Demikian itulah sekelumit bukti dan penjelasan bahwa pembatasan berlakunya akibat hukum dari suatu putusan bukanlah pelanggaran terhadap Pasal 47 UU MK. Bukan untuk itu dan tidak pada tempatnya meletakan Pasal 47 UU MK dalam perdebatan boleh tidaknya MK menangguhkan berlakunya putusannya sendiri. Karena Pasal 47 UU MK dimaksudkan untuk mempertegas sifat putusan MK yang final and binding sebagaimana dimaksud oleh UUD.
Dalam pandangan penulis, kelemahan atau kekurangan yang mendasar dari putusan tersebut justru bukan karena penangguhan pelaksanaan Pemilu serentak, melainkan pada pertimbangan hukum dibaliknya. Terdapat kekurangan yang mendasar dalam  persidangan MK untuk memutuskan Permohonan Pemilu Serentak, dimana KPU sebagai Penyelenggara Pemilu yang mengetahui persis kesiapan Penyelenggaran Pemilu justru tidak pernah dihadirkan dan didengar keterangannya.
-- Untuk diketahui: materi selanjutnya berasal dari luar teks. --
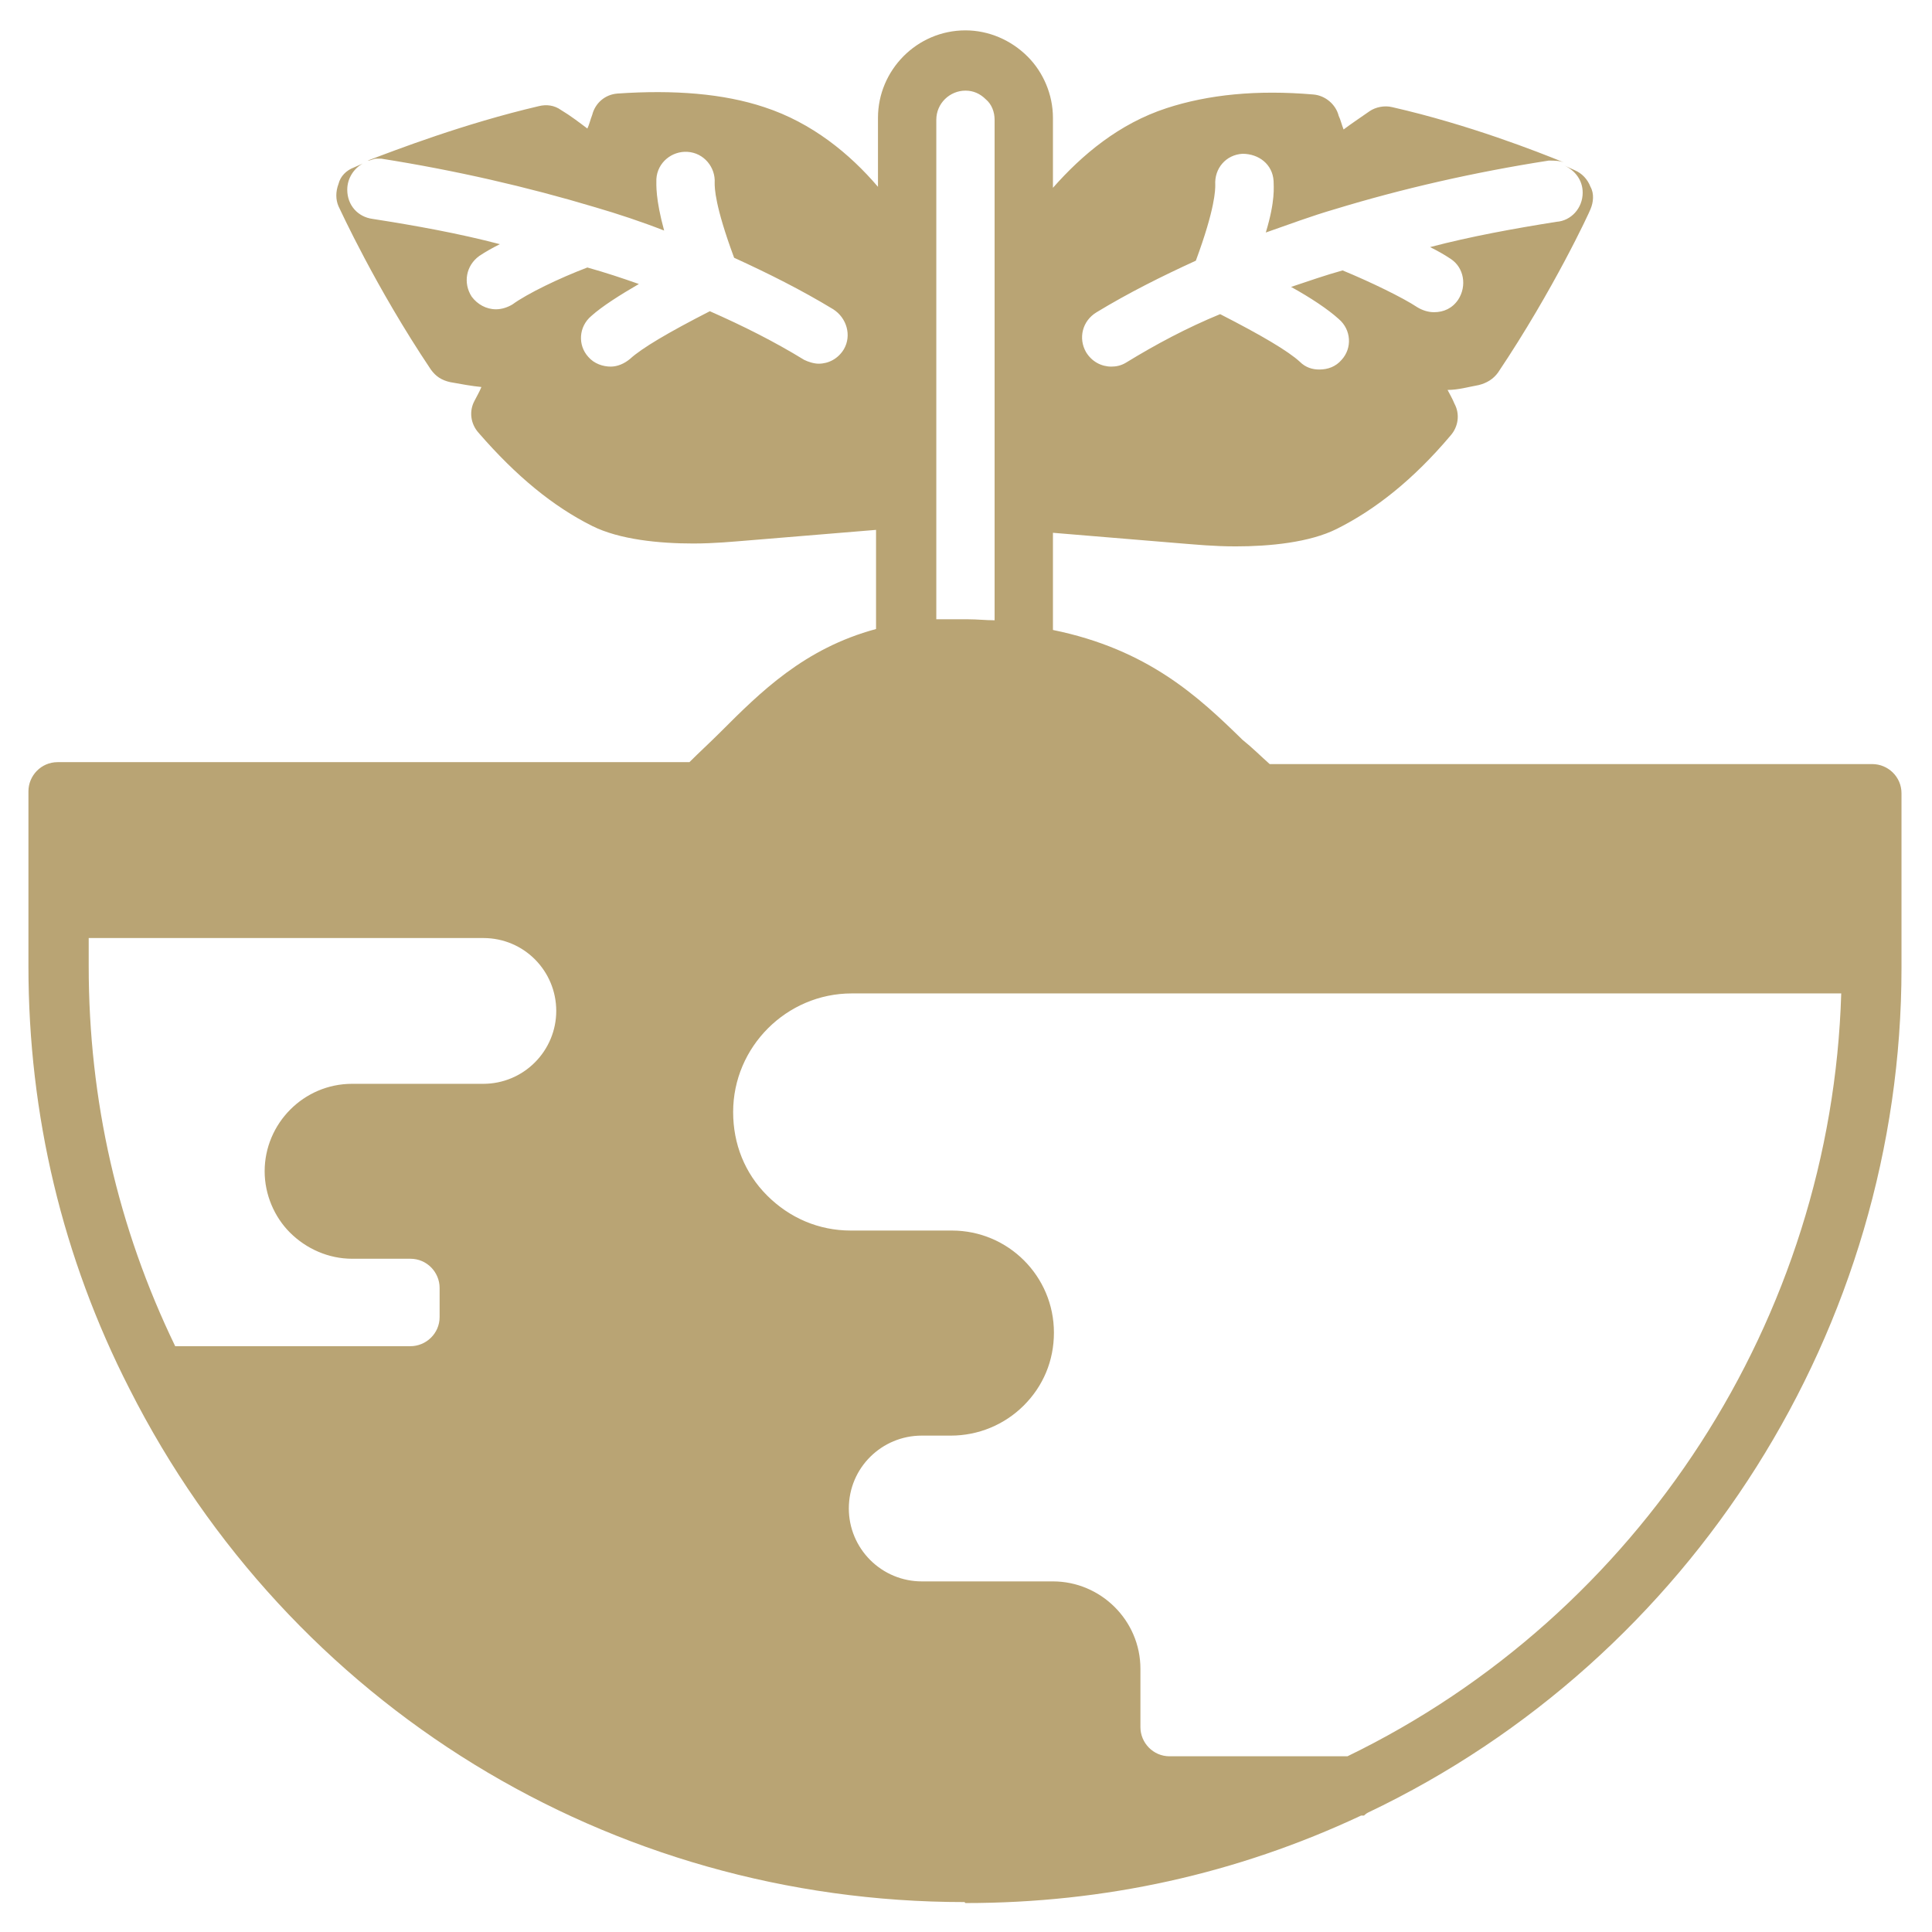 <?xml version="1.0" encoding="UTF-8"?>
<svg xmlns="http://www.w3.org/2000/svg" width="57" height="57" viewBox="0 0 57 57" fill="none">
  <path d="M28.484 56.146C32.585 56.146 36.485 55.286 40.156 53.565H40.242C40.242 53.565 40.299 53.508 40.356 53.479C49.935 48.921 56.1 39.144 56.1 28.564V23.403C56.1 22.916 55.699 22.543 55.24 22.543H37.46C37.202 22.314 36.944 22.055 36.657 21.826C35.367 20.565 33.875 19.16 31.065 18.586V15.719L34.879 16.035C35.252 16.063 35.797 16.12 36.456 16.12C37.46 16.12 38.636 16.006 39.439 15.604C40.586 15.031 41.704 14.142 42.794 12.852C43.023 12.594 43.081 12.221 42.909 11.906C42.852 11.762 42.765 11.619 42.708 11.504C43.023 11.504 43.31 11.418 43.626 11.361C43.855 11.304 44.056 11.189 44.199 10.988C45.834 8.551 46.895 6.258 46.924 6.172C47.01 5.971 47.038 5.713 46.924 5.512C46.838 5.283 46.666 5.111 46.465 5.025L46.149 4.881C46.465 5.025 46.694 5.311 46.694 5.684C46.694 6.143 46.35 6.516 45.92 6.544C44.658 6.745 43.396 6.974 42.192 7.29C42.421 7.404 42.622 7.519 42.794 7.634C43.196 7.892 43.282 8.437 43.023 8.838C42.851 9.096 42.593 9.211 42.307 9.211C42.135 9.211 41.962 9.153 41.819 9.067C41.389 8.781 40.443 8.322 39.611 7.978C39.095 8.121 38.607 8.293 38.091 8.465C38.664 8.781 39.181 9.125 39.496 9.411C39.869 9.727 39.898 10.272 39.582 10.616C39.41 10.816 39.181 10.902 38.923 10.902C38.722 10.902 38.521 10.845 38.349 10.673C38.005 10.358 37.231 9.899 35.998 9.268C35.023 9.669 34.105 10.157 33.216 10.702C33.072 10.788 32.929 10.816 32.786 10.816C32.499 10.816 32.212 10.673 32.04 10.386C31.811 9.985 31.925 9.469 32.355 9.211C33.302 8.637 34.277 8.15 35.281 7.691C35.854 6.143 35.854 5.598 35.854 5.455C35.825 4.967 36.17 4.566 36.657 4.537C37.145 4.537 37.546 4.853 37.575 5.34C37.575 5.512 37.632 5.913 37.345 6.86C38.005 6.63 38.693 6.372 39.382 6.172C41.36 5.569 43.482 5.082 45.691 4.738C45.863 4.738 46.006 4.738 46.149 4.795C45.375 4.48 43.339 3.677 41.074 3.161C40.844 3.104 40.586 3.161 40.414 3.276C40.127 3.476 39.869 3.648 39.64 3.82C39.582 3.677 39.553 3.534 39.496 3.419C39.41 3.075 39.095 2.817 38.751 2.788C37.087 2.645 35.653 2.788 34.42 3.19C33.015 3.648 31.925 4.566 31.065 5.541V3.476C31.065 2.788 30.778 2.129 30.319 1.67C29.832 1.183 29.172 0.896 28.484 0.896C27.05 0.896 25.903 2.072 25.903 3.476V5.512C25.072 4.537 23.953 3.62 22.548 3.161C21.343 2.76 19.881 2.645 18.218 2.76C17.845 2.788 17.558 3.046 17.472 3.39C17.415 3.534 17.386 3.677 17.329 3.792C17.099 3.62 16.841 3.419 16.554 3.247C16.354 3.104 16.124 3.075 15.895 3.132C13.687 3.648 11.679 4.423 10.848 4.738C10.934 4.738 11.02 4.681 11.106 4.681C11.106 4.681 11.192 4.681 11.249 4.681C13.428 5.025 15.551 5.512 17.558 6.114C18.246 6.315 18.934 6.544 19.594 6.802C19.336 5.856 19.365 5.455 19.365 5.283C19.393 4.795 19.823 4.451 20.282 4.48C20.77 4.509 21.114 4.939 21.085 5.397C21.085 5.541 21.085 6.057 21.659 7.605C22.663 8.064 23.638 8.551 24.584 9.125C24.985 9.383 25.129 9.899 24.899 10.3C24.727 10.587 24.441 10.73 24.154 10.73C24.01 10.73 23.838 10.673 23.724 10.616C22.835 10.071 21.917 9.612 20.942 9.182C19.709 9.813 18.934 10.272 18.59 10.587C18.418 10.73 18.218 10.816 18.017 10.816C17.787 10.816 17.529 10.73 17.357 10.53C17.042 10.185 17.07 9.641 17.443 9.325C17.759 9.039 18.304 8.695 18.849 8.379C18.361 8.207 17.845 8.035 17.329 7.892C16.497 8.207 15.551 8.666 15.12 8.981C14.977 9.067 14.805 9.125 14.633 9.125C14.346 9.125 14.088 8.981 13.916 8.752C13.658 8.351 13.744 7.834 14.145 7.548C14.318 7.433 14.518 7.318 14.748 7.204C13.543 6.888 12.281 6.659 10.991 6.458C10.561 6.401 10.245 6.057 10.245 5.598C10.245 5.254 10.446 4.967 10.704 4.824L10.446 4.939C10.217 5.025 10.044 5.197 9.987 5.426C9.901 5.655 9.901 5.885 9.987 6.086C10.044 6.2 11.077 8.465 12.711 10.902C12.855 11.103 13.027 11.218 13.285 11.275C13.601 11.332 13.916 11.39 14.203 11.418C14.145 11.562 14.059 11.705 14.002 11.82C13.83 12.135 13.887 12.508 14.117 12.766C15.235 14.056 16.325 14.945 17.472 15.518C18.275 15.92 19.451 16.035 20.454 16.035C21.085 16.035 21.659 15.977 22.032 15.948L25.846 15.633V18.558C23.724 19.131 22.433 20.421 21.257 21.597C20.942 21.912 20.627 22.199 20.34 22.486H1.699C1.212 22.486 0.839 22.887 0.839 23.346V28.507C0.839 32.893 1.843 37.108 3.822 40.979C8.553 50.326 17.988 56.117 28.455 56.117L28.484 56.146ZM27.624 3.534C27.624 3.046 28.025 2.674 28.484 2.674C28.713 2.674 28.914 2.76 29.086 2.932C29.258 3.075 29.344 3.304 29.344 3.534V18.3C29.086 18.3 28.828 18.271 28.57 18.271C28.255 18.271 27.939 18.271 27.624 18.271V3.534ZM25.072 29.309H54.322C54.036 38.886 48.386 47.63 39.754 51.816H34.506C34.019 51.816 33.646 51.415 33.646 50.956V49.236C33.646 47.803 32.47 46.656 31.065 46.656H27.194C26.62 46.656 26.075 46.426 25.674 46.025C25.272 45.623 25.043 45.079 25.043 44.505C25.043 43.301 26.018 42.355 27.194 42.355H28.054C28.857 42.355 29.631 42.039 30.205 41.466C30.778 40.893 31.094 40.147 31.094 39.316C31.094 37.653 29.746 36.305 28.083 36.305H25.1C24.154 36.305 23.294 35.932 22.634 35.273C21.974 34.614 21.63 33.754 21.63 32.807C21.63 30.886 23.207 29.309 25.129 29.309H25.072ZM2.617 27.675H14.26C15.465 27.675 16.411 28.65 16.411 29.826C16.411 30.399 16.181 30.944 15.78 31.345C15.379 31.747 14.834 31.976 14.26 31.976H10.389C8.955 31.976 7.808 33.151 7.808 34.556C7.808 35.244 8.094 35.904 8.553 36.363C9.041 36.85 9.7 37.137 10.389 37.137H12.109C12.597 37.137 12.97 37.538 12.97 37.997V38.857C12.97 39.344 12.568 39.717 12.109 39.717H5.169C3.477 36.219 2.617 32.463 2.617 28.507V27.646V27.675Z" fill="#B9A474"></path>
</svg>

Dalam keadaan yang demikian tidak mengherankan jika MK dicibir dan terkesan “sok tahu” karena memutuskan penangguhan Pemilu Serentak pada 2019 tanpa mendengar dan mempertimbangkan keterangan KPU. Seandainya MK menghadirkan KPU untuk didengar keterangannya terkiat kesiapannya menyelenggarakan Pemilu Serentak, maka Putusan MK akan terlihat lebih utuh dan legitimate karena sudah mempertimbangkan keterangan sekaligus kesiapan KPU selaku Penyelenggara Pemilu.



[1] Putusan MK mengenai batas minimal anggaran pendidikan yang mengharuskan Pemerintah mengalokasikan sekurang-kurangnya 20% dari APBN sebagaimana diperintahkan Pasal 31 ayat (4) UUD, dalam kenyataannya baru dapat dipenuhi Pemerintah pada APBN 2009.
[2] Jimly Asshiddiqie dan Ahmad Syahrizal, Peradilan Konstitusi di 10 Negara, Sinar Grafika, Jakarta, 2011, hlm.  21.